Earlier this week I interviewed Alison Pennington, Senior Economist at the Centre for Future Work at the Australia Institute, about the opportunities and risks of working from home during this time of COVID-19. Alison has been getting a lot of media coverage lately about a briefing paper she co-authored with Jim Stanford Working from Home: Opportunities and Risks. I’ve now published my conversation with Alison as EP35 of my Economics Explained podcast.

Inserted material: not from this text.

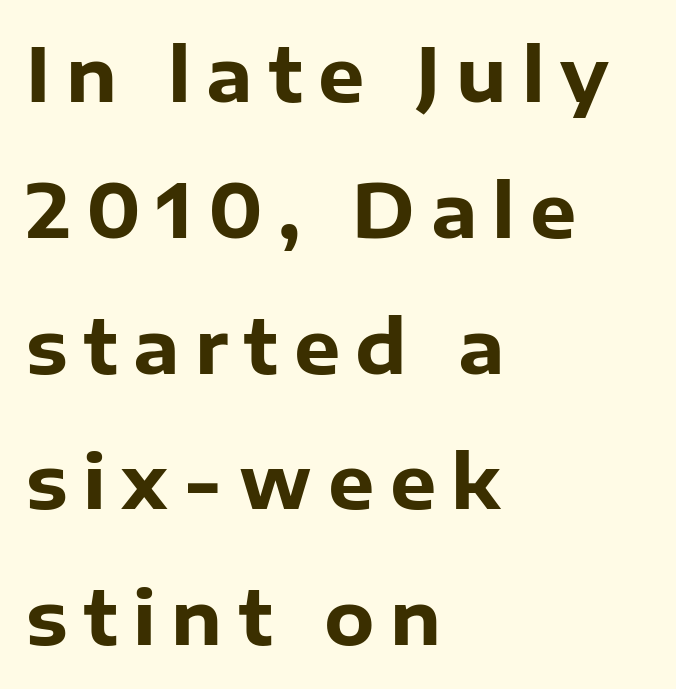
The image shows 73 px heavy sans-serif type, upright; set left-aligned, line spacing 1.86x, unusually wide letter spacing (+0.21 em), not underlined; low stroke contrast and a medium x-height.
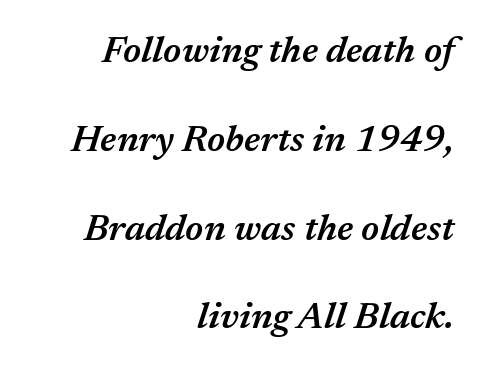
{"italic": "yes", "lean": "right", "slant_degrees": 17, "bold": "semi", "weight": "semibold", "width": "normal", "stroke_contrast": "medium", "x_height": "medium", "monospaced": "no", "underline": "no", "align": "right", "line_spacing": "loose", "line_spacing_ratio": 2.4, "letter_spacing": "normal", "letter_spacing_em": 0.0, "glyph_px": 37}

Use these (approximate) timestamps to jump right to the highlights:
- 5:40 – productivity impacts discussion
- 8:30 – how social isolation can impair cognitive ability
- 12:00 – discussion of the view expressed in the paper that “working from home will likely become more common in coming years. For millions of workers, indeed, it will become the ‘new normal.’”
- 16:30 – how workplaces can adapt – an end to hot-desking, a return to pods, and staggered start times
- 28:05 – discussion of employee surveillance by employers – 70% of employees subject to at least one type of digital surveillance and there is a risk this can extend into people’s homes if working from home becomes the new normal
- 32:20 – reference to how the Australian Taxation Office (ATO) has tried to make working from home easier (check out the ATO page Working from home during COVID-19)
Gene
Alison brings up some interesting points, and I largely agree with what she says. I suspect that peak commute demand to the CBD’s of our capital cities will drop off considerably in the short to medium-term (or grow a lot slower, if at all).
What does this mean for the love affair governments have with big urban transport projects? Many were marginal at best before Covid-19, so do we need to re-examine these projects?
Very good point, Jim. Yes, I think it does mean that.